Problem => What you return must match the records below character for character, except that no picture appears.

___ Data supplied ___

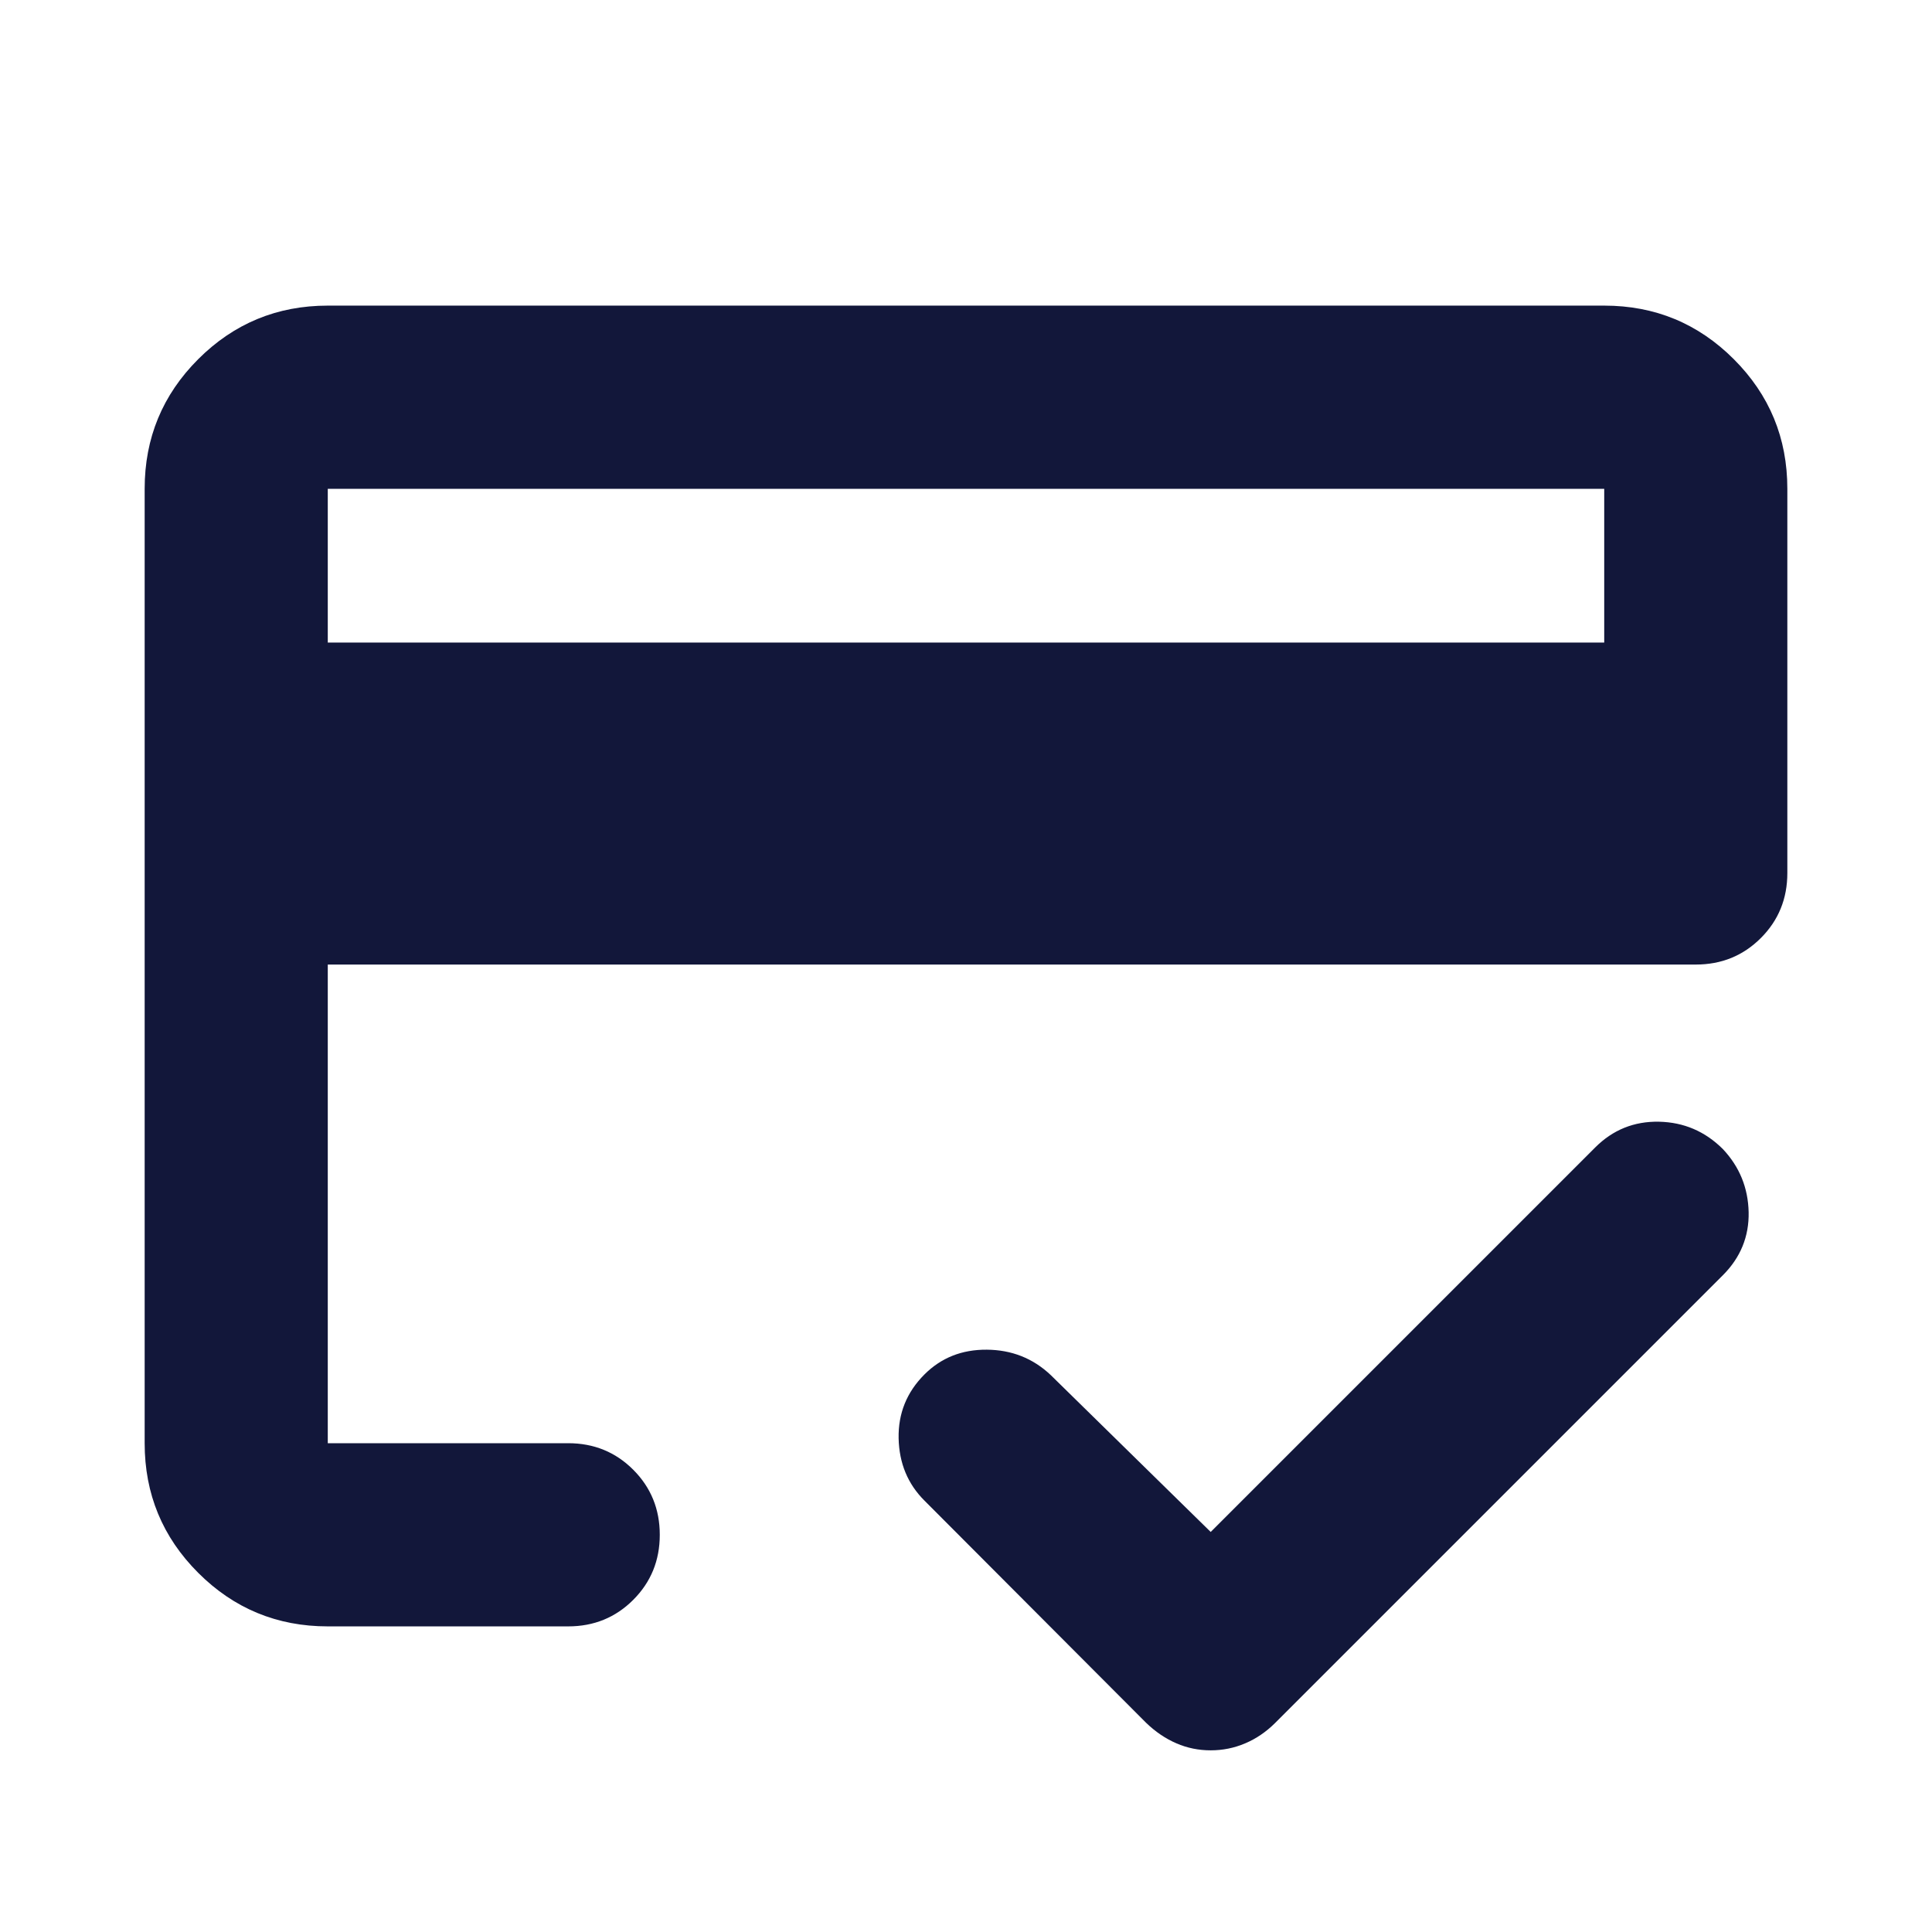 <svg width="32" height="32" viewBox="0 0 32 32" fill="none" xmlns="http://www.w3.org/2000/svg">
<path d="M5.429 10.643H26.571V8.096H5.429V10.643ZM2.396 8.096C2.396 7.256 2.691 6.541 3.283 5.949C3.874 5.358 4.59 5.062 5.429 5.062H26.571C27.411 5.062 28.126 5.358 28.717 5.949C29.309 6.541 29.604 7.256 29.604 8.096V14.46C29.604 14.885 29.458 15.244 29.165 15.537C28.872 15.83 28.513 15.976 28.088 15.976H5.429V23.904H9.411C9.837 23.904 10.196 24.051 10.488 24.343C10.781 24.636 10.928 24.996 10.928 25.421C10.928 25.847 10.781 26.206 10.488 26.499C10.196 26.791 9.837 26.938 9.411 26.938H5.429C4.59 26.938 3.874 26.642 3.283 26.051C2.691 25.459 2.396 24.744 2.396 23.904V8.096ZM5.429 8.096V23.904V19.642V21.608V8.096ZM20.053 28.991C19.854 28.991 19.665 28.953 19.485 28.875C19.306 28.798 19.139 28.685 18.984 28.536L15.312 24.855C15.035 24.579 14.893 24.235 14.884 23.823C14.876 23.411 15.018 23.059 15.312 22.765C15.588 22.489 15.932 22.352 16.344 22.355C16.756 22.358 17.108 22.497 17.401 22.773L20.053 25.374L26.42 19.007C26.713 18.713 27.066 18.571 27.478 18.579C27.89 18.588 28.242 18.739 28.536 19.032C28.812 19.325 28.954 19.674 28.963 20.077C28.971 20.48 28.829 20.829 28.536 21.122L21.122 28.536C20.972 28.685 20.807 28.798 20.625 28.875C20.442 28.953 20.252 28.991 20.053 28.991Z" fill="#12173A"/>
</svg>
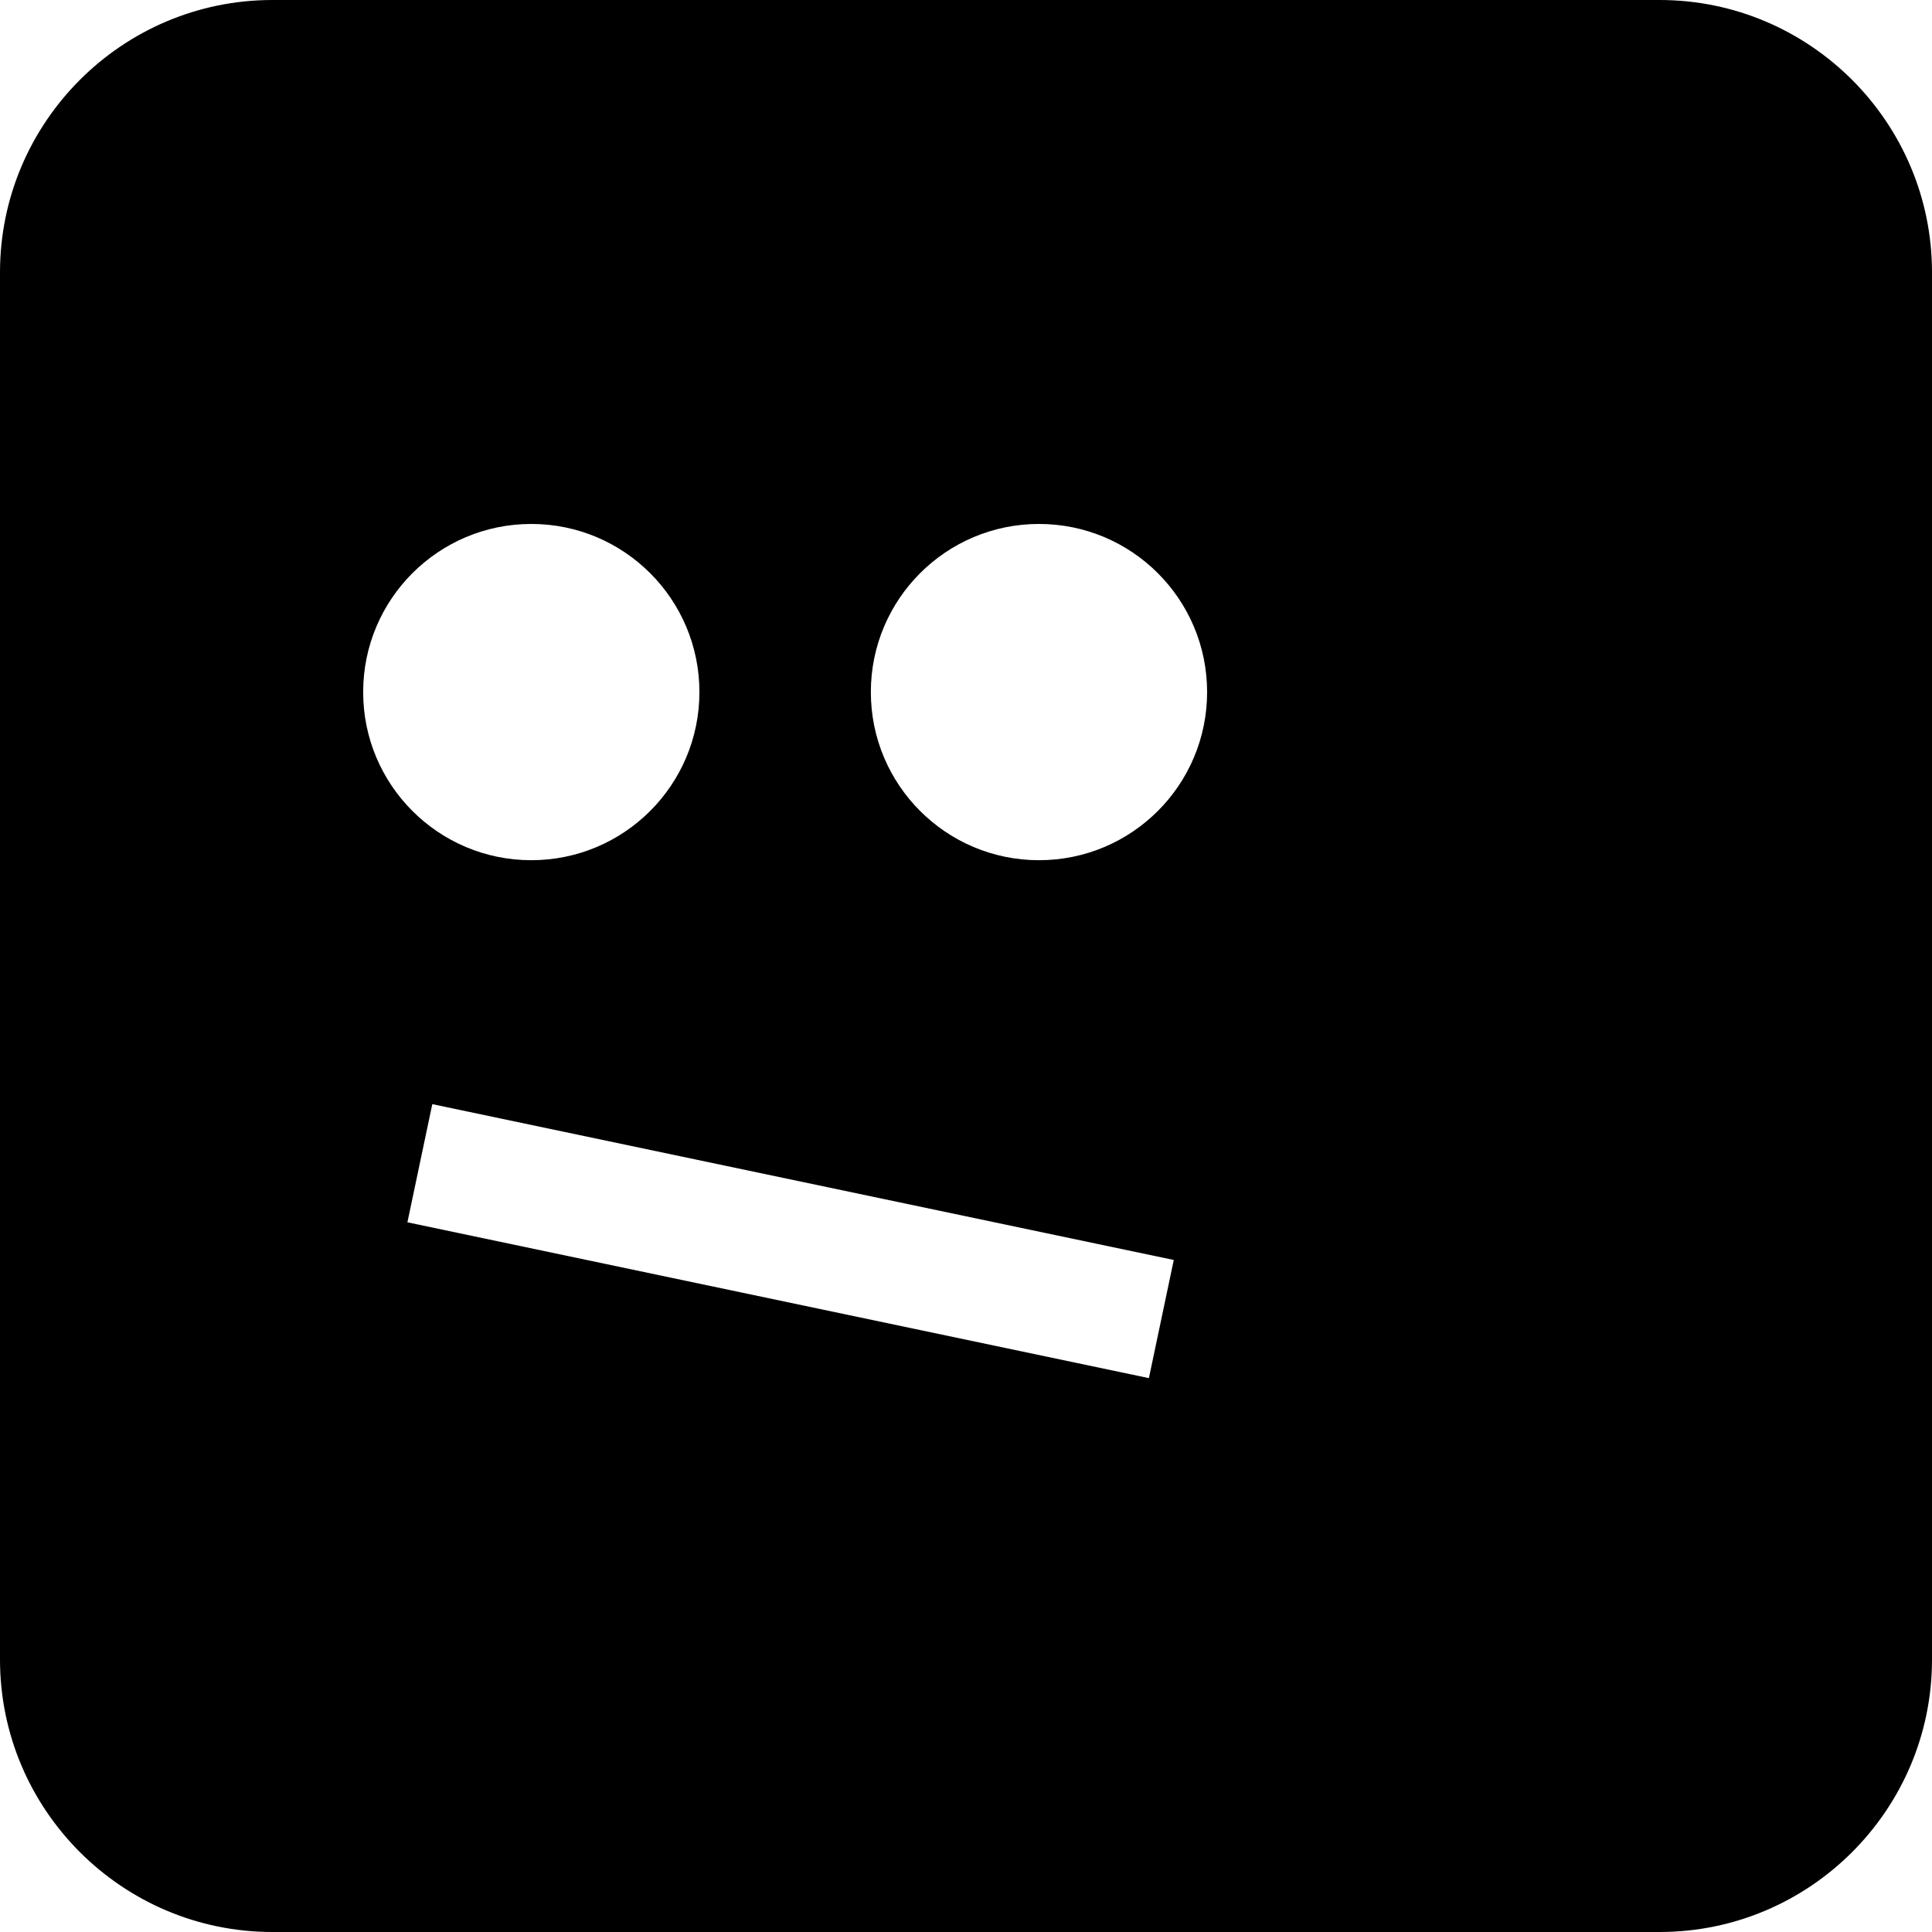 <?xml version="1.0" encoding="iso-8859-1"?>
<!-- Uploaded to: SVG Repo, www.svgrepo.com, Generator: SVG Repo Mixer Tools -->
<svg fill="#000000" height="800px" width="800px" version="1.1" id="Capa_1" xmlns="http://www.w3.org/2000/svg" xmlns:xlink="http://www.w3.org/1999/xlink" 
	 viewBox="0 0 490 490" xml:space="preserve">
<path d="M69.086,490h351.829C459.001,490,490,459.001,490,420.914V69.086C490,30.999,459.001,0,420.914,0H69.086
	C30.999,0,0,30.999,0,69.086v351.829C0,459.001,30.999,490,69.086,490z M291.386,349.526l-188.057-39.522l6.31-29.967
	l188.057,39.522L291.386,349.526z M263.509,132.886c23.55,0,42.641,19.091,42.641,42.641c0,23.551-19.091,42.642-42.641,42.642
	c-23.551,0-42.642-19.091-42.642-42.642C220.867,151.977,239.958,132.886,263.509,132.886z M134.748,132.886
	c23.551,0,42.642,19.091,42.642,42.641c0,23.551-19.091,42.642-42.642,42.642c-23.55,0-42.642-19.091-42.642-42.642
	C92.106,151.977,111.198,132.886,134.748,132.886z"/>
</svg>

___

Reply to the exercise =>
 <svg width="32" height="32" viewBox="0 0 32 32" fill="none" xmlns="http://www.w3.org/2000/svg">
<path d="M5.429 10.643H26.571V8.096H5.429V10.643ZM2.396 8.096C2.396 7.256 2.691 6.541 3.283 5.949C3.874 5.358 4.59 5.062 5.429 5.062H26.571C27.411 5.062 28.126 5.358 28.717 5.949C29.309 6.541 29.604 7.256 29.604 8.096V14.46C29.604 14.885 29.458 15.244 29.165 15.537C28.872 15.83 28.513 15.976 28.088 15.976H5.429V23.904H9.411C9.837 23.904 10.196 24.051 10.488 24.343C10.781 24.636 10.928 24.996 10.928 25.421C10.928 25.847 10.781 26.206 10.488 26.499C10.196 26.791 9.837 26.938 9.411 26.938H5.429C4.59 26.938 3.874 26.642 3.283 26.051C2.691 25.459 2.396 24.744 2.396 23.904V8.096ZM5.429 8.096V23.904V19.642V21.608V8.096ZM20.053 28.991C19.854 28.991 19.665 28.953 19.485 28.875C19.306 28.798 19.139 28.685 18.984 28.536L15.312 24.855C15.035 24.579 14.893 24.235 14.884 23.823C14.876 23.411 15.018 23.059 15.312 22.765C15.588 22.489 15.932 22.352 16.344 22.355C16.756 22.358 17.108 22.497 17.401 22.773L20.053 25.374L26.42 19.007C26.713 18.713 27.066 18.571 27.478 18.579C27.89 18.588 28.242 18.739 28.536 19.032C28.812 19.325 28.954 19.674 28.963 20.077C28.971 20.48 28.829 20.829 28.536 21.122L21.122 28.536C20.972 28.685 20.807 28.798 20.625 28.875C20.442 28.953 20.252 28.991 20.053 28.991Z" fill="#12173A"/>
</svg>
 <?xml version="1.0" encoding="iso-8859-1"?>
<!-- Uploaded to: SVG Repo, www.svgrepo.com, Generator: SVG Repo Mixer Tools -->
<svg fill="#000000" height="800px" width="800px" version="1.1" id="Capa_1" xmlns="http://www.w3.org/2000/svg" xmlns:xlink="http://www.w3.org/1999/xlink" 
	 viewBox="0 0 490 490" xml:space="preserve">
<path d="M69.086,490h351.829C459.001,490,490,459.001,490,420.914V69.086C490,30.999,459.001,0,420.914,0H69.086
	C30.999,0,0,30.999,0,69.086v351.829C0,459.001,30.999,490,69.086,490z M291.386,349.526l-188.057-39.522l6.31-29.967
	l188.057,39.522L291.386,349.526z M263.509,132.886c23.55,0,42.641,19.091,42.641,42.641c0,23.551-19.091,42.642-42.641,42.642
	c-23.551,0-42.642-19.091-42.642-42.642C220.867,151.977,239.958,132.886,263.509,132.886z M134.748,132.886
	c23.551,0,42.642,19.091,42.642,42.641c0,23.551-19.091,42.642-42.642,42.642c-23.55,0-42.642-19.091-42.642-42.642
	C92.106,151.977,111.198,132.886,134.748,132.886z"/>
</svg>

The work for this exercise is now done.